Who will get your super money when you die? This is an important question because for many Australians, their self-managed super fund (SMSF) is a big asset – maybe one of the biggest.
It is also somewhat complicated because SMSF distributions are not governed by a will. Instead, those directions are usually executed under a binding death benefit nomination (BDBN). Just to make things complicated, many BDBNs are designed to lapse after a few years and must be renewed regularly if they are to remain valid.
What happens if the BDBN is forgotten and lapses? What happens if it is not forgotten, but the member has become disabled and cannot renew it? A recent decision of the Supreme Court of Queensland offers a possible solution in the latter situation, but this, too, requires some proactive legal and financial management.
More than anything, however, this is a fresh reminder to have your entire estate plan — including SMSF nomination, power of attorney, will, medical directive and life insurance provisions — reviewed to make sure that all the parts work together and that they reflect your current wishes.
Why Isn’t my Will Enough?
The superannuation contributions many Australians make throughout their working lifetimes are made to funds set up and governed by trust deeds and the Superannuation Industry (Supervision) Act 1993 (SIS Act).
These trust deeds name those who contribute funds as beneficiaries of the trust and set out the conditions (such as the attainment of a certain age) under which they can receive a benefit.

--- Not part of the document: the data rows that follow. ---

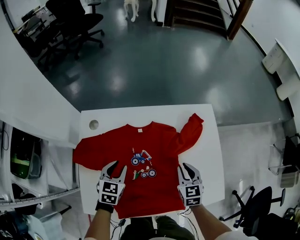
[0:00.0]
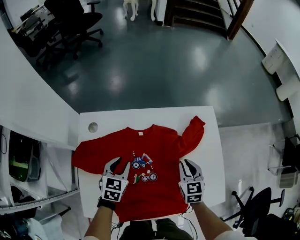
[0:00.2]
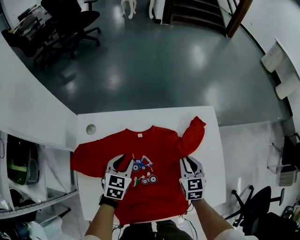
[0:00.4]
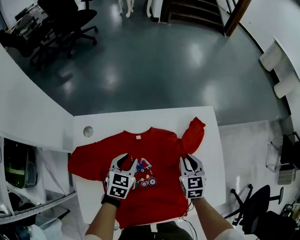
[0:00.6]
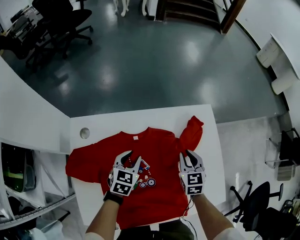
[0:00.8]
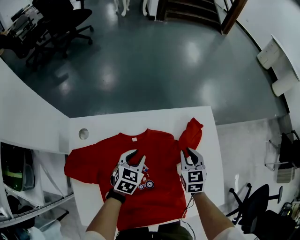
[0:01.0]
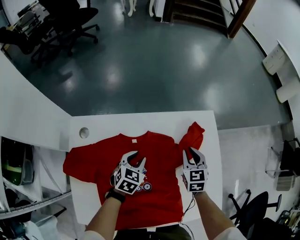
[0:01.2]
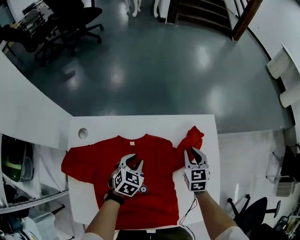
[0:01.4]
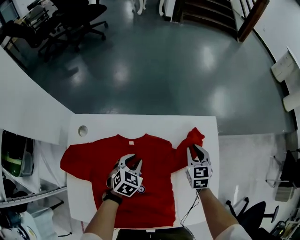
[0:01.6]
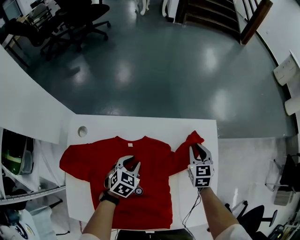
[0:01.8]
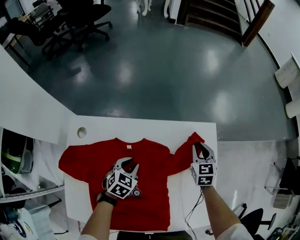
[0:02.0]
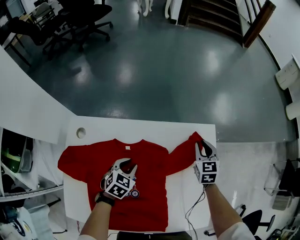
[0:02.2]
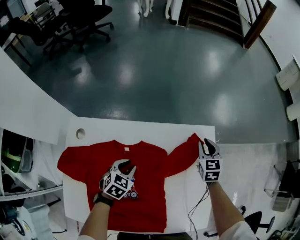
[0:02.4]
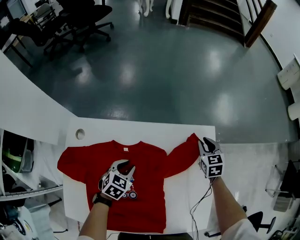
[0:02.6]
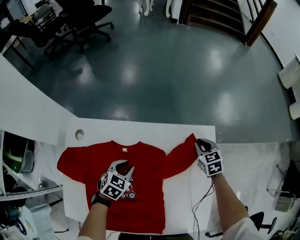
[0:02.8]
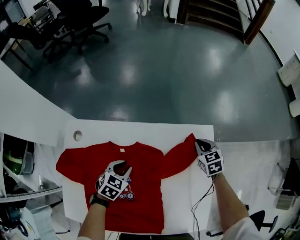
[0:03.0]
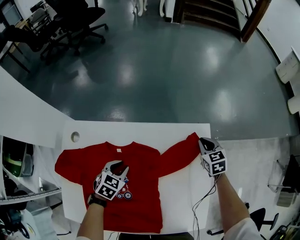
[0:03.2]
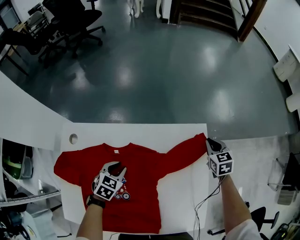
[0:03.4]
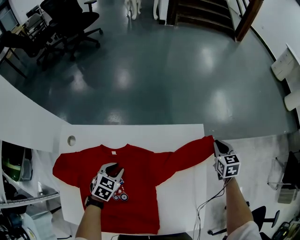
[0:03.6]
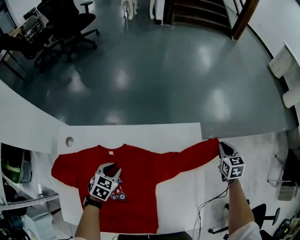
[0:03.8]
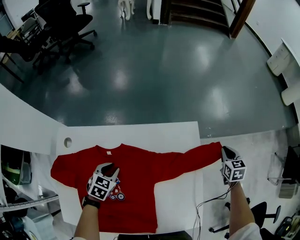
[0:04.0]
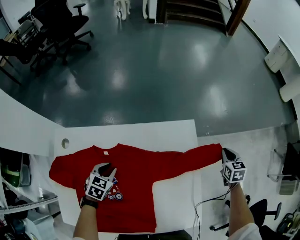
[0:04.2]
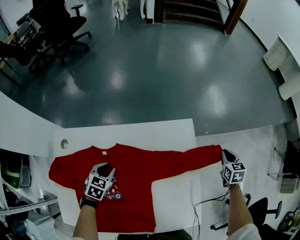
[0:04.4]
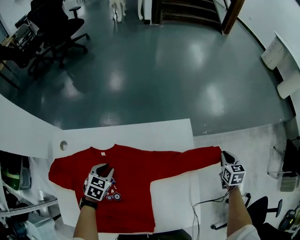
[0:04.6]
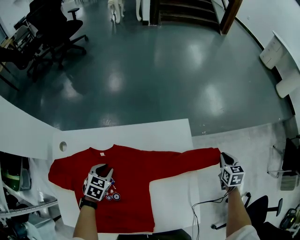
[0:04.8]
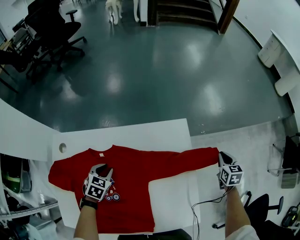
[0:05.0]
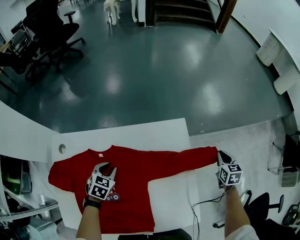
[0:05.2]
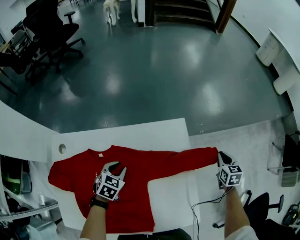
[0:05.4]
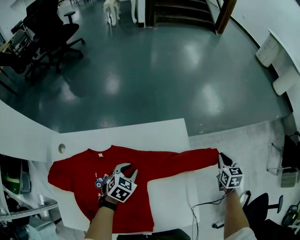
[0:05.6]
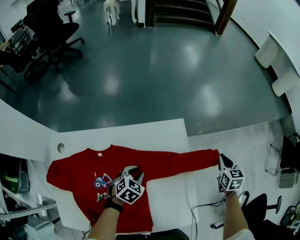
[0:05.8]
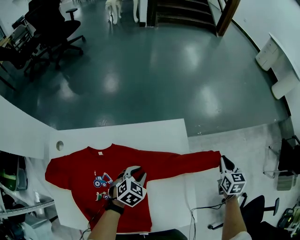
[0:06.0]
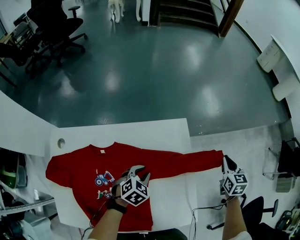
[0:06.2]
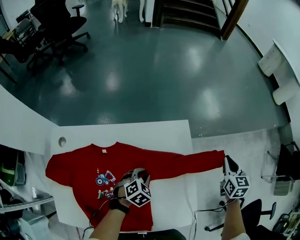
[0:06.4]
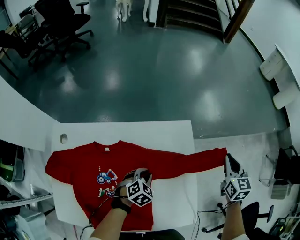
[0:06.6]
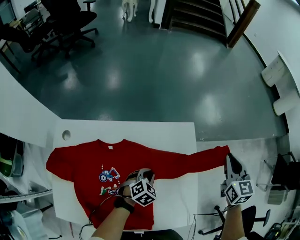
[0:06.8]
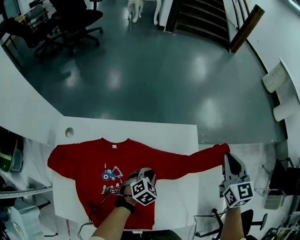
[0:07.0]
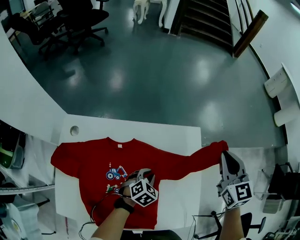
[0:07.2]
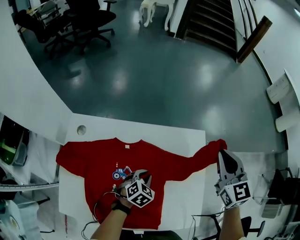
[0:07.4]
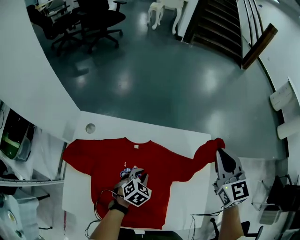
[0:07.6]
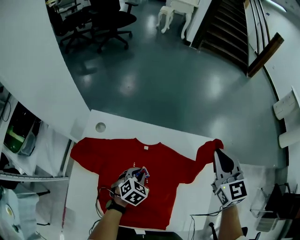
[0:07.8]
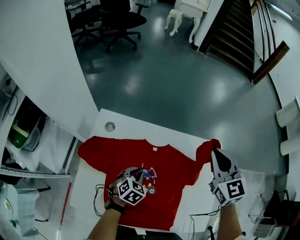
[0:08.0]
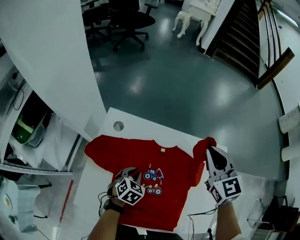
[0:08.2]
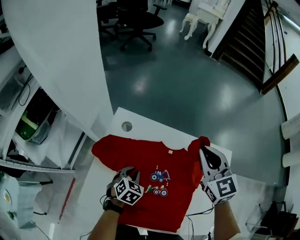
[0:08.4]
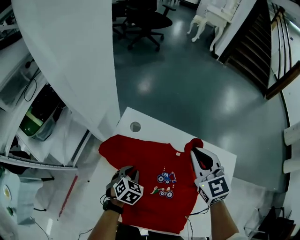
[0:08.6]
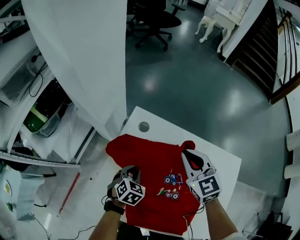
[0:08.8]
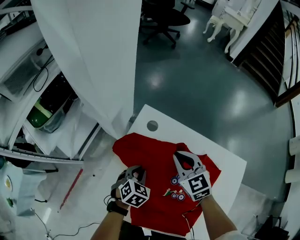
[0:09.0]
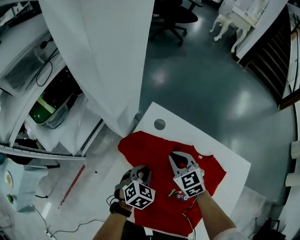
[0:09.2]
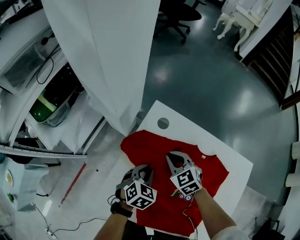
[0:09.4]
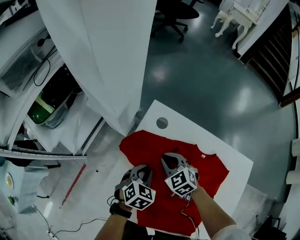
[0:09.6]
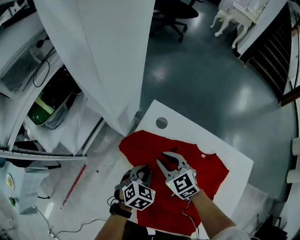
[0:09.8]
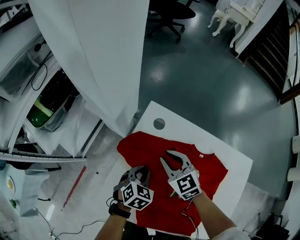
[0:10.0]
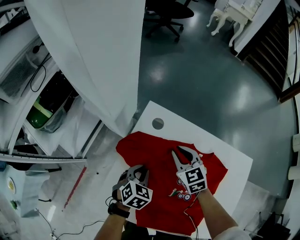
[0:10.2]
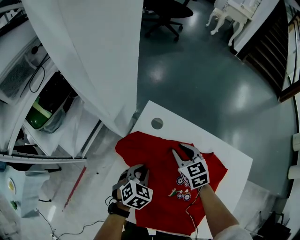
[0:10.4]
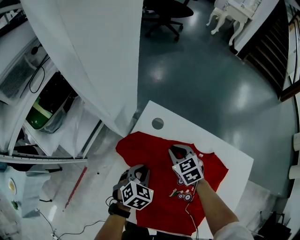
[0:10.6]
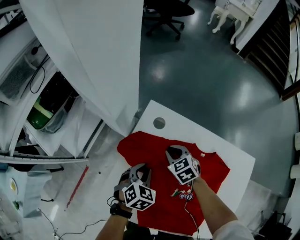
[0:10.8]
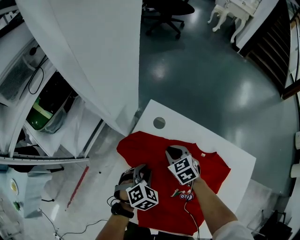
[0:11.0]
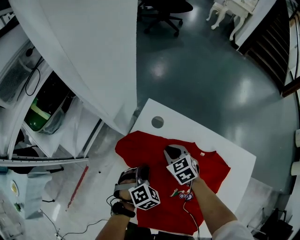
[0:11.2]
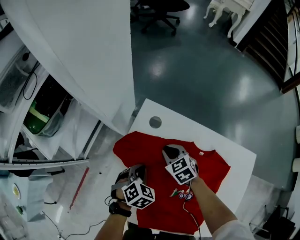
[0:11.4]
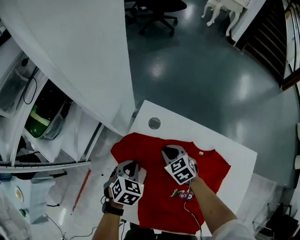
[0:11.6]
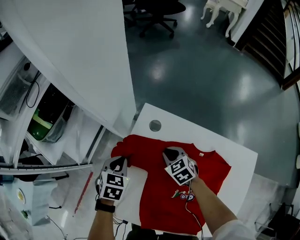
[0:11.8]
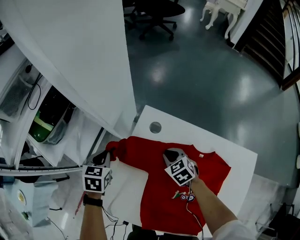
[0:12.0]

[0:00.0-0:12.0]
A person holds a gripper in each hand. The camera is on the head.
0:00.0 to 0:01.6: The right gripper heads forward, covering roughly 20 cm; the left gripper goes approximately 15 cm forward, to the right and downward.
0:01.6 to 0:03.0: The right gripper goes roughly 10 cm forward and to the right.
0:03.0 to 0:04.4: The right gripper moves to the right, about 25 cm, and swivels roughly 30 degrees.
0:04.4 to 0:06.0: The right gripper shifts approximately 5 cm upward, while the left gripper is displaced to the right by roughly 20 cm.
0:06.0 to 0:07.6: The left gripper goes approximately 15 cm to the left and backward, while the right gripper travels to the left and upward by some 40 cm, and rotates some 40 degrees.
0:07.6 to 0:09.0: The left gripper ends up approximately 30 cm from where it was, and swivels about 20 degrees. The right gripper moves roughly 50 cm, and swivels about 40 degrees.
0:09.0 to 0:10.4: The right gripper travels downward by roughly 10 cm.
0:10.4 to 0:12.0: The right gripper heads downward, covering about 5 cm, while the left gripper moves to the left and forward, approximately 20 cm, and turns by approximately 20 degrees.

Under this legal construct, members do not directly own the funds held by the SMSF. Instead, they have interests and rights described in the deed. This has important tax planning implications.
That, in short, is why superannuation savings exist outside your estate and do not pass under the terms of your will.
What is a Binding Death Benefit Nomination?
A BDBN is a written direction to the trustee of a super fund setting out who should receive your benefit in the event of your death. A valid BDBN remains in effect for only 3 years from the date it is first signed, last amended or confirmed.
If you wish to change or revoke an existing BDBN, you must notify the Trustee in writing, usually by completing the appropriate form. If you wish to continue a BDBN you must advise the Trustee in writing prior to the expiry date. The point many people miss is that, unlike a will, a BDBN requires continuing maintenance to remain valid.
What Happens if a BDBN Lapses?
If there is no BDBN or if a BDBN expires and is not renewed, the trustee generally has the discretion to distribute the money as he or she sees fit. Many will choose to distribute it to the deceased’s estate. This may or may not have the consequences you intend.
Perhaps more troubling, what happens if your BDBN is about to expire while you are alive, but incapacitated? Can some else renew it so that it does not lapse? Can someone else change it?
In August 2018, the Supreme Court of Queensland confronted a situation in which:
- an individual made a lapsing BDBN in 2013 nominating his wife, son and sister as beneficiaries; but lost capacity shortly thereafter;
- under an existing Enduring Power of Attorney, his wife and sister were appointed his attorneys for personal and financial matters;
- in 2016, before the 2013 nomination expired, they filed an extension and then also executed a new BDBN to remedy a defect in the 2013 BDBN which they feared would invalidate the entire document.
Among several other issues, the Court held that a representative under an Enduring Power of Attorney can execute a BDBN on behalf of the principal member. This is significant for those who wish to plan for the possibility of a disability and those who step into their financial shoes in that event.
In practical terms, it is wise to explicitly spell out the powers that representatives under power of attorney are intended to have. It may be important to limit the nominations to those last made by the member of the SMSF to prevent any implication of misappropriation.